Was kostet die Tollwut-Impfung beim Hund?

Meist zwischen 25 und 70 Euro, je nach Praxis, Impfstoff und Region. Der Leistungsteil setzt sich nach der GOT aus Injektion (11,50 Euro) und Impfbescheinigung (6,16 Euro) zusammen, meist kommt die Untersuchung (23,62 Euro) dazu; der Impfstoff selbst wird als Medikament zusätzlich berechnet. Beim einfachen Satz ergibt das 21,02 bis 49,12 Euro brutto, beim Dreifachsatz 63,05 bis 147,37 Euro brutto.

Was passiert, wenn der Hund keine Tollwutimpfung hat?

Im Inland zunächst nichts, denn eine Impfpflicht besteht hier nicht. An der Grenze dagegen endet die Reise: Ohne gültigen Eintrag im EU-Heimtierausweis darf der Hund nicht in ein anderes EU-Land einreisen, und auch bei der Einreise aus einem Risikogebiet wird der Nachweis verlangt. Nachholen hilft kurzfristig nicht, weil nach einer Erstimpfung 21 Tage vergehen müssen.

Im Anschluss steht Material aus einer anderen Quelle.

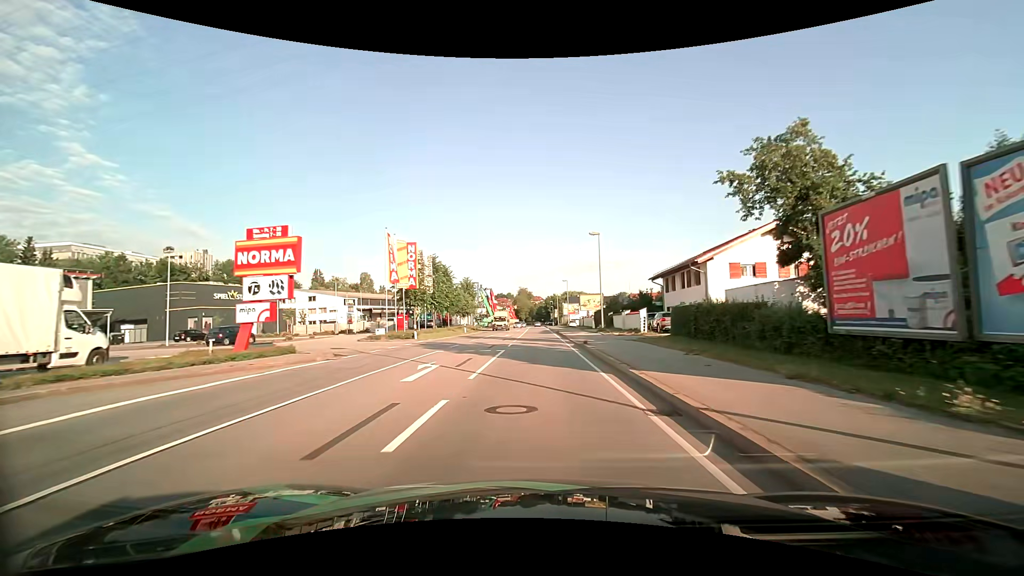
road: primary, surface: asphalt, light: Day
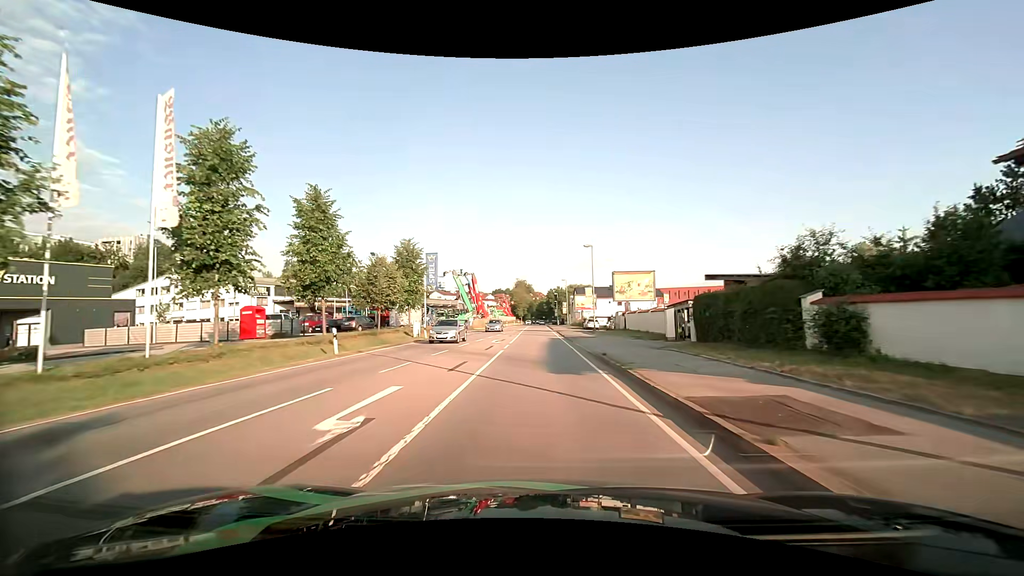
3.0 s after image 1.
(-0.1, +37.3) m; 0°
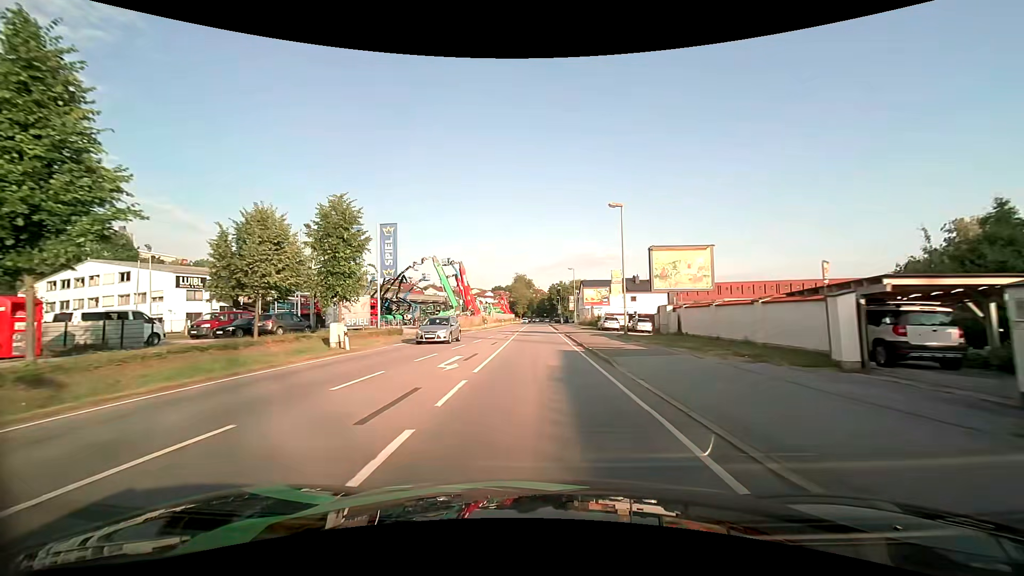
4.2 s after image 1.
(0.0, +15.6) m; 0°
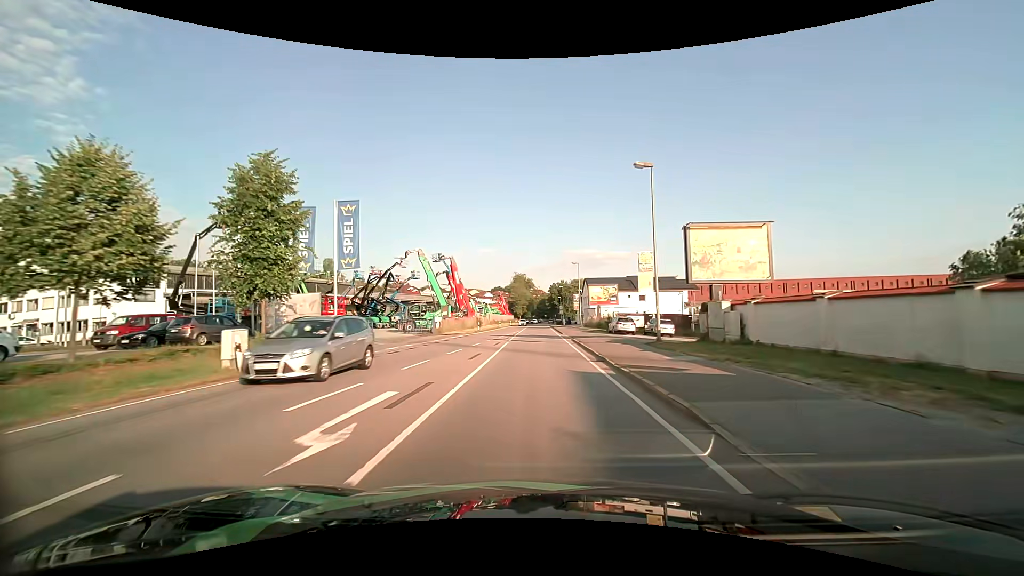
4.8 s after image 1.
(0.0, +7.9) m; 0°
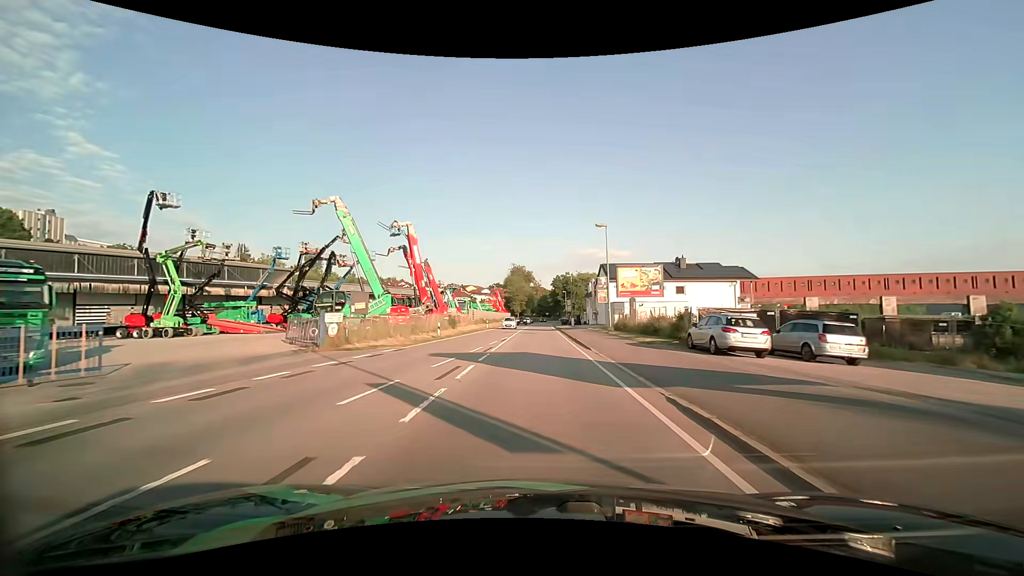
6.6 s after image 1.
(-0.2, +23.6) m; 0°
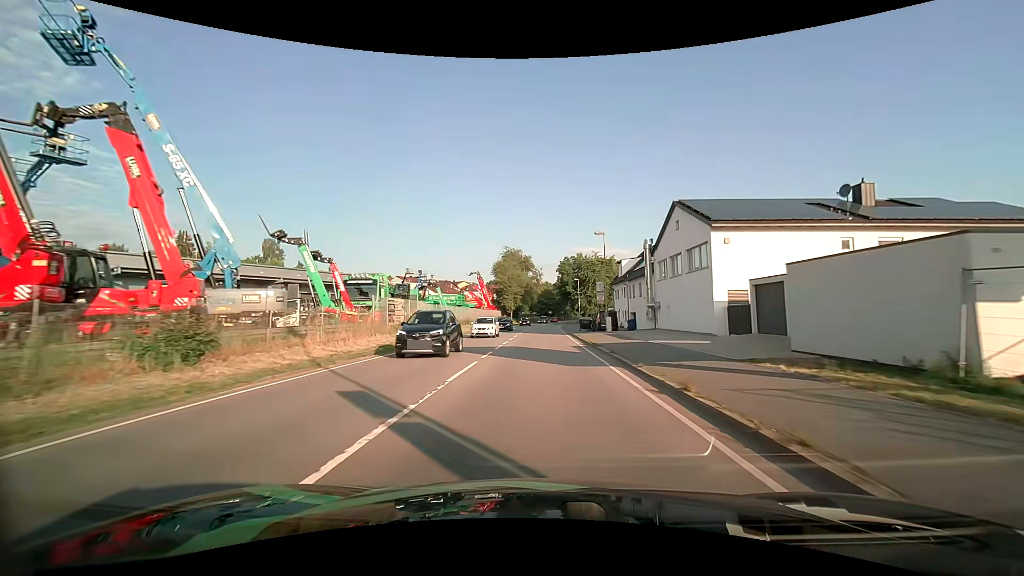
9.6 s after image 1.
(-0.1, +39.3) m; 0°
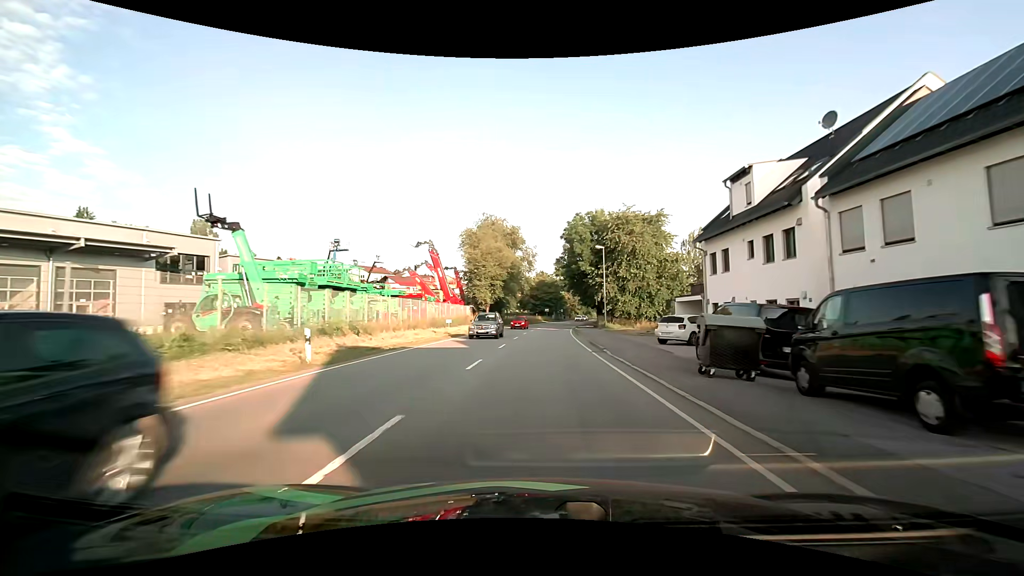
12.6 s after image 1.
(0.0, +40.0) m; 0°
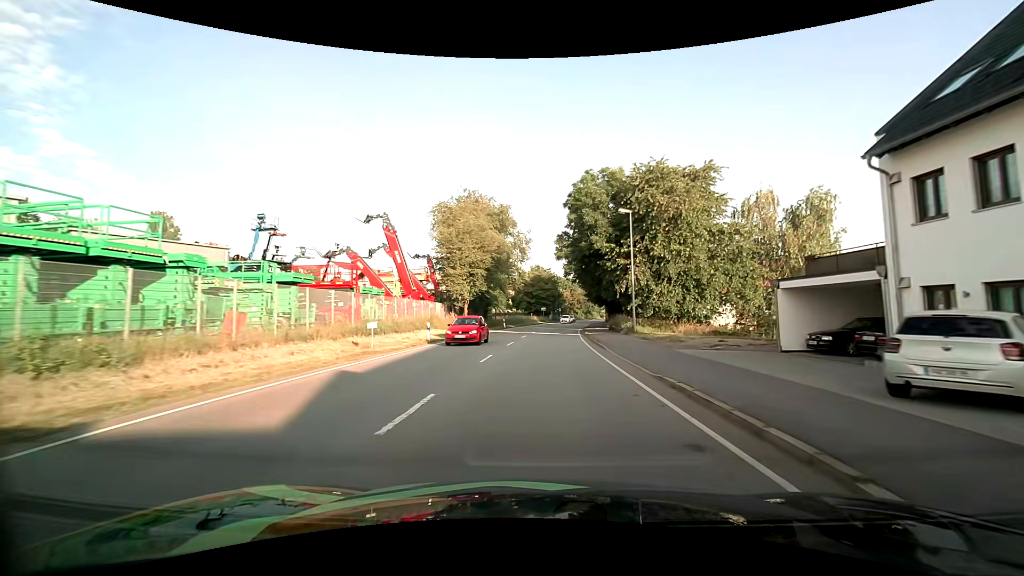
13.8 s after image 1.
(+0.1, +16.2) m; +1°
(0, +10) (0, +20) (0, +30) (+1, +40) (+2, +50) (+3, +60) (+4, +70) (+5, +80) (+7, +90) (+9, +99) m

Braucht mein Hund für Dänemark eine Tollwut-Impfung?

Ja. Dänemark ist EU-Mitglied, damit gelten die EU-Regeln für den Heimtierverkehr: Mikrochip, EU-Heimtierausweis und eine gültige, eingetragene Tollwut-Impfung. Bei einer Erstimpfung müssen zusätzlich 21 Tage zwischen Impfung und Einreise liegen. Ob Ihr Zielland darüber hinaus eigene Nachweise verlangt, klären Sie vor der Buchung.

Zahlt die Hundekrankenversicherung die Tollwut-Impfung?

Nur mit einem Vorsorgebudget im Vertrag. Reine Kranken- oder OP-Tarife leisten bei Krankheit und Unfall, eine planbare Impfung fällt nicht darunter. Anbieter wie Lassie, Petolo und Agila stellen dafür ein eigenes Jahresbudget zwischen 35 und 150 Euro bereit, teils im Tarif enthalten, teils als kostenpflichtiger Zusatzbaustein.